When running -simplifycfg, LLVM merges if.else and if.end as follows:
  if.else:
    call void (...)* @bar(), !dbg !15
    br label %while.cond

The end result of all this is that the loop latch does not have any
metadata attached to it, not only breaking my loop identification, but
presumable also making it impossible to stop at the end of the while
body (something which was possible before running -simplifycfg).

How should this be fixed? Should -simplifycfg have support for
'properly' merging these statements, or should Clang emit debug
statements despite the branch being unconditional?

Sincerely,

I’m not necessarily against reverting r128471 and the restricting patch on it, or identifying cases when we might like to more accurately model line info in debug metadata.

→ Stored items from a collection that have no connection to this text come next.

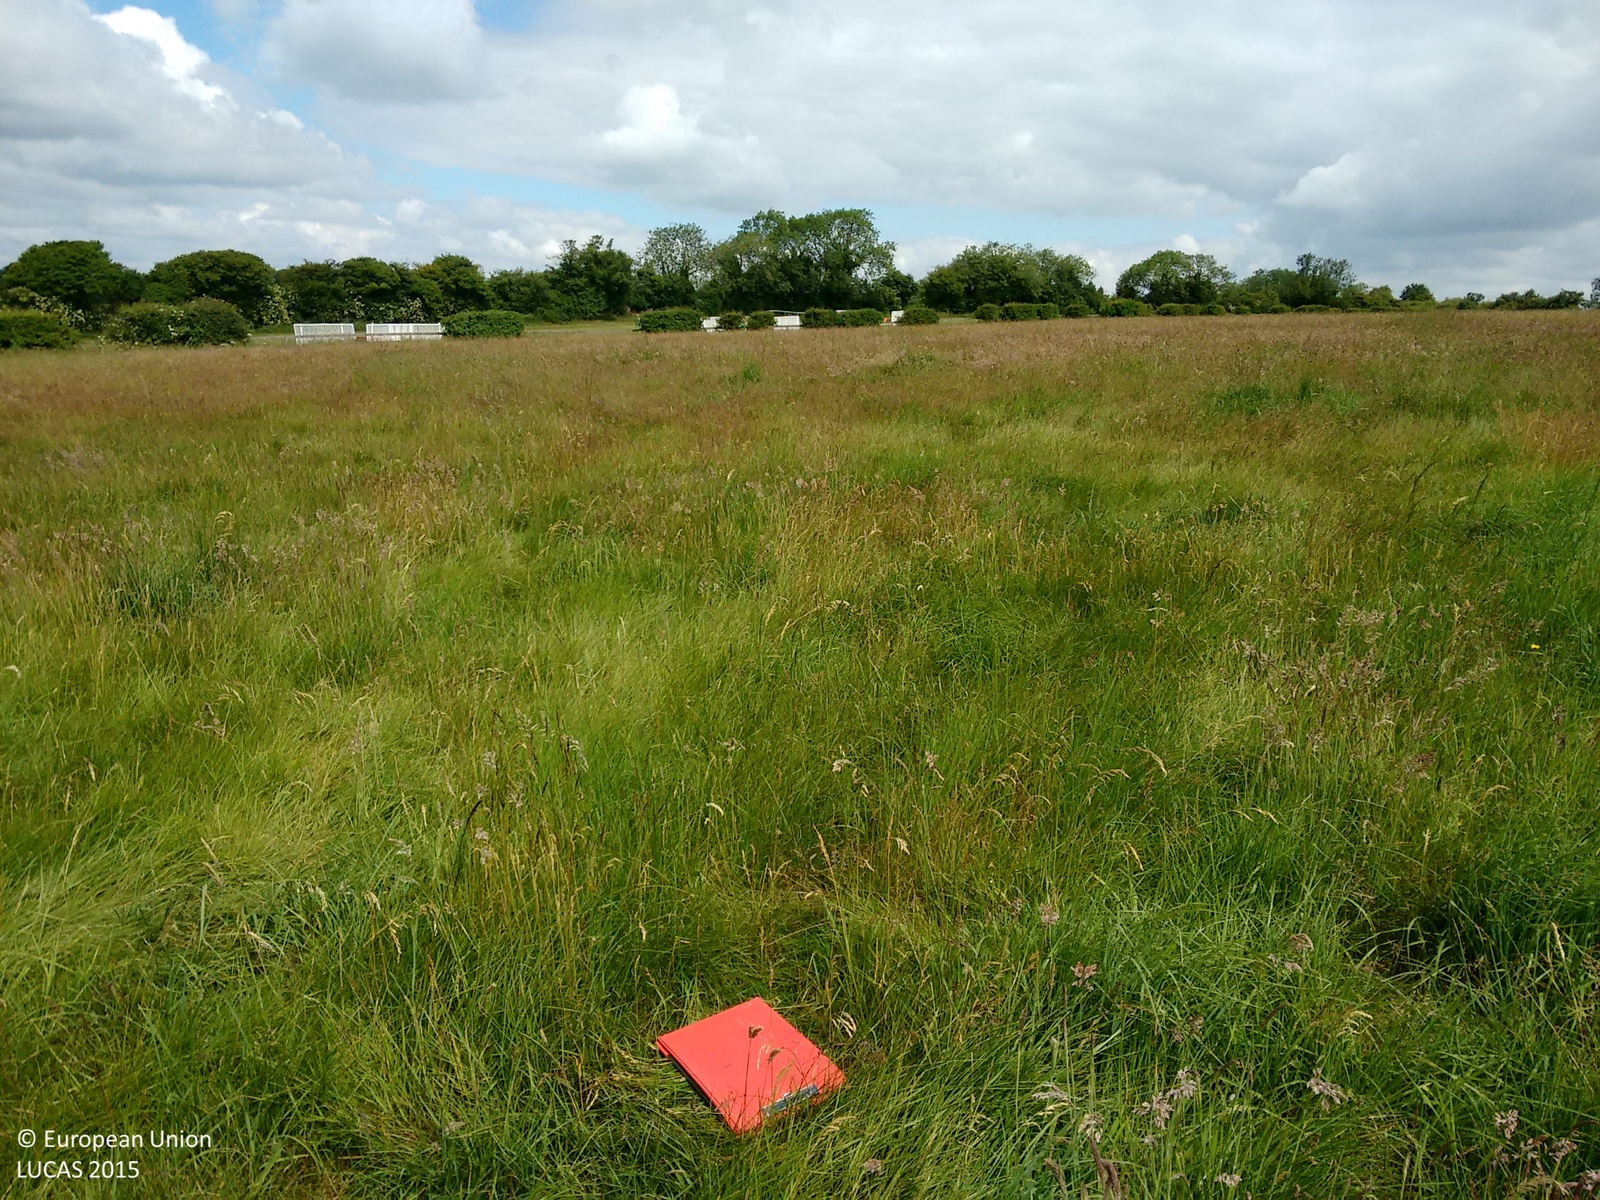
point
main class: Grassland
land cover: Grassland without tree/shrub cover
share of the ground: > 75 %
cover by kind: herbaceous plants 100 %
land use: Agriculture (excluding fallow land and kitchen gardens)
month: June
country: GB
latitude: 51.5220
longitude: -1.5384

I’m curious what you’re trying to do with using line number information to identify loop latches. Can you provide a bit of background on what you’re trying to do? It might make it easier to identify things that will help.

Thanks!

-eric

Hi Eric,

I'm curious what you're trying to do with using line number information
to identify loop latches. Can you provide a bit of background on what
you're trying to do? It might make it easier to identify things that
will help.

Well, the way I'm running into this is somewhat convoluted, so bear with
me. We're using Clang and LLVM to compile code with loops to be run on a
CGRA processor. We're marking these loops using OpenMP-style #pragmas,
and since our LLVM back-end is responsible for generating CGRA-code we
attach that pragma to the loop latch and try to make sure it survives
all of opt.

In order to test whether our pragmas properly reach the back-end, we
wrote a loop-pass identifying all loops in a program and printing out
whether they are annotated or not. This way we can first list all
(regular and annotated) loops in an unoptimized program, then optimize
the hell out of it and finally check whether all marked loops reached
the back-end. Using this we can easily generate test-cases in which an
optimization (or specific combinations thereof) killed our pragma.

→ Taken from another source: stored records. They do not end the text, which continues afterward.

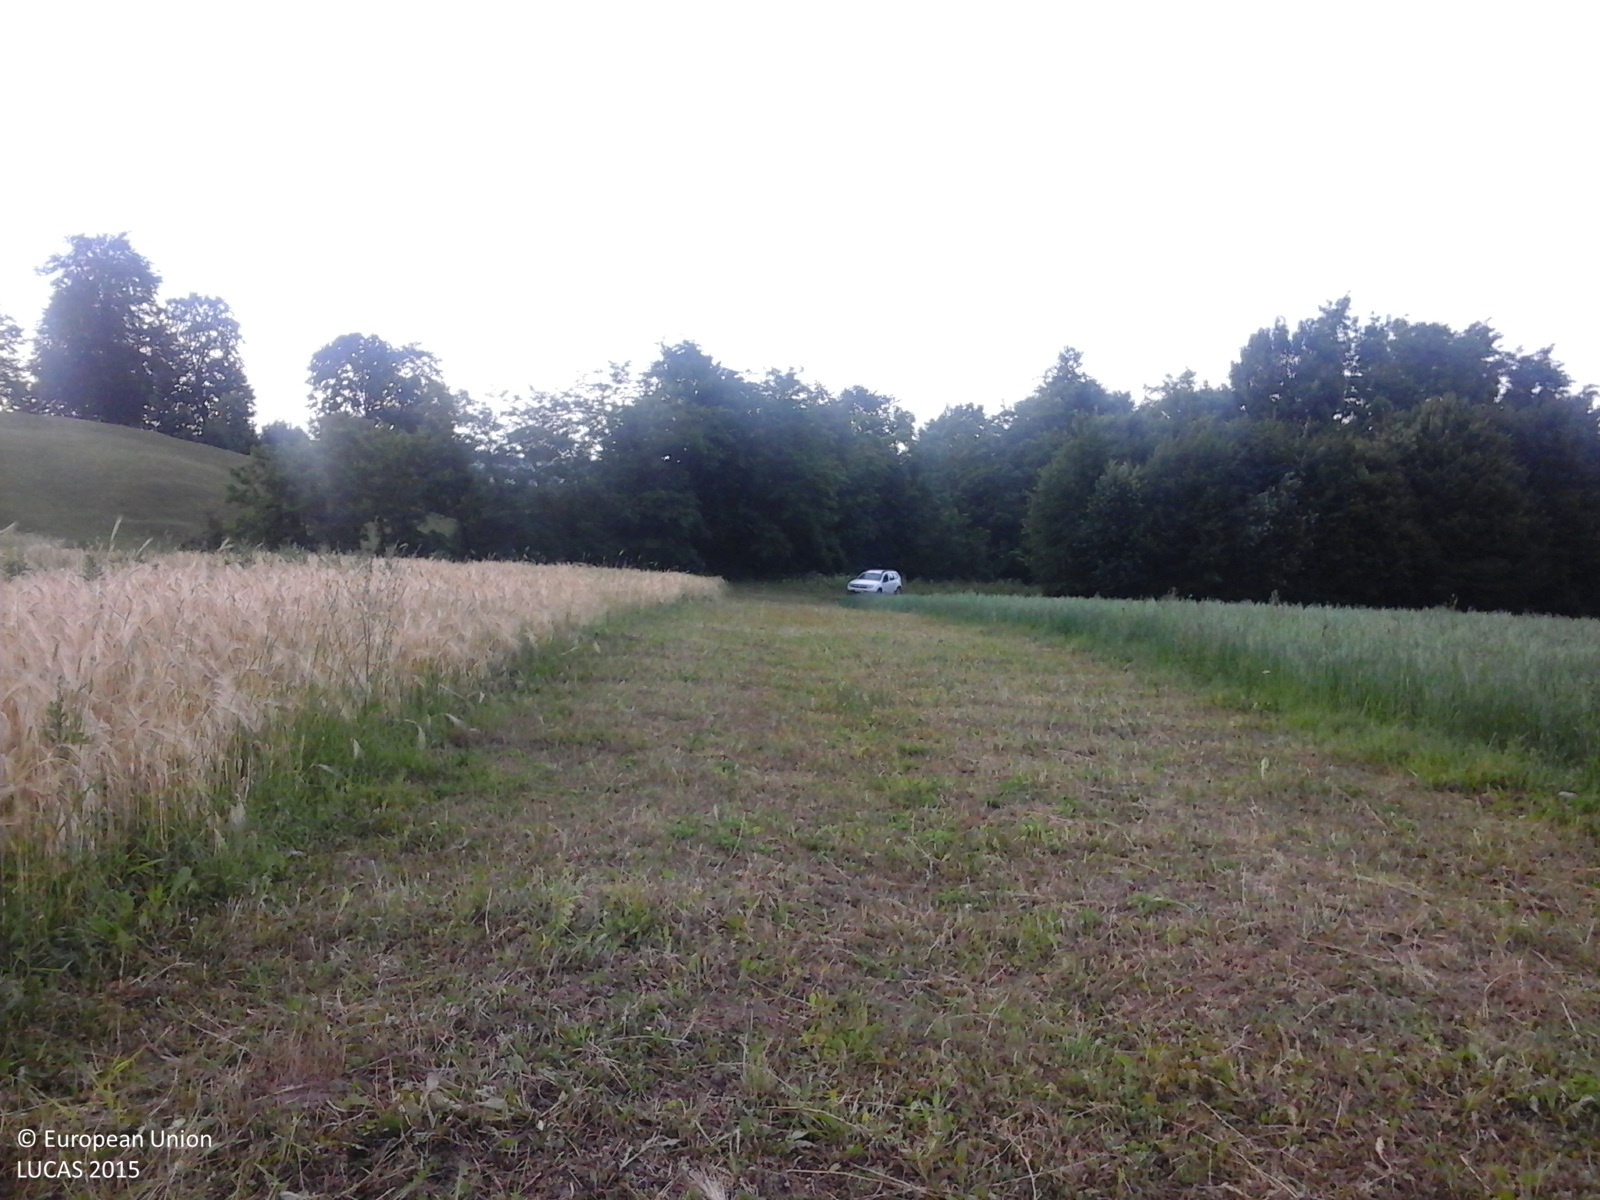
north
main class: Cropland
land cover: Lucerne
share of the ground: > 75 %
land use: Agriculture (excluding fallow land and kitchen gardens)
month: June
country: RO
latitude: 47.4822
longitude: 26.5048

In order to identify loops, I look at the debug metadata of the latch. I
picked this information because ensuring its availability is quite
similar to what we have to do anyway: making sure the cgra pragma (which
is represented by metadata as well) keeps attached to the loop latch.

However, although all this is very specific to our situation, I believe
that the result of this work (making sure loop latches retain their
metadata) can be of interest to other people.

For example, in the issue I raised in my mails yesterday, a loop latch
gets split by -simplifycfg only to be deduplicated again by
-loop-simpify, losing all metadata in the process. Currently I've fixed
this by 0) making sure Clang emits debug metadata for unconditional
branches, 1) patching -simplifycfg so it copies the latch metadata to
the new latches when removing a block, and 2) adding a check to
-loop-simplify so it copies over individual latch metadata (if
identical) to the newly created latch.
But this is not perfect either: when moving the metadata from a latch
being removed to the new latches, the metadata of those latches gets
removed itself (but since those latches are now actually responsible for
jumping to the loop header, debug information pointing to the end of the
loop seemed more correct to me).

If it would help I could attach the patch and/or explain it by means of
an example. However, since there might be a better way to tackle this, I
first wanted to get some feedback in before putting code on the list.

Thanks,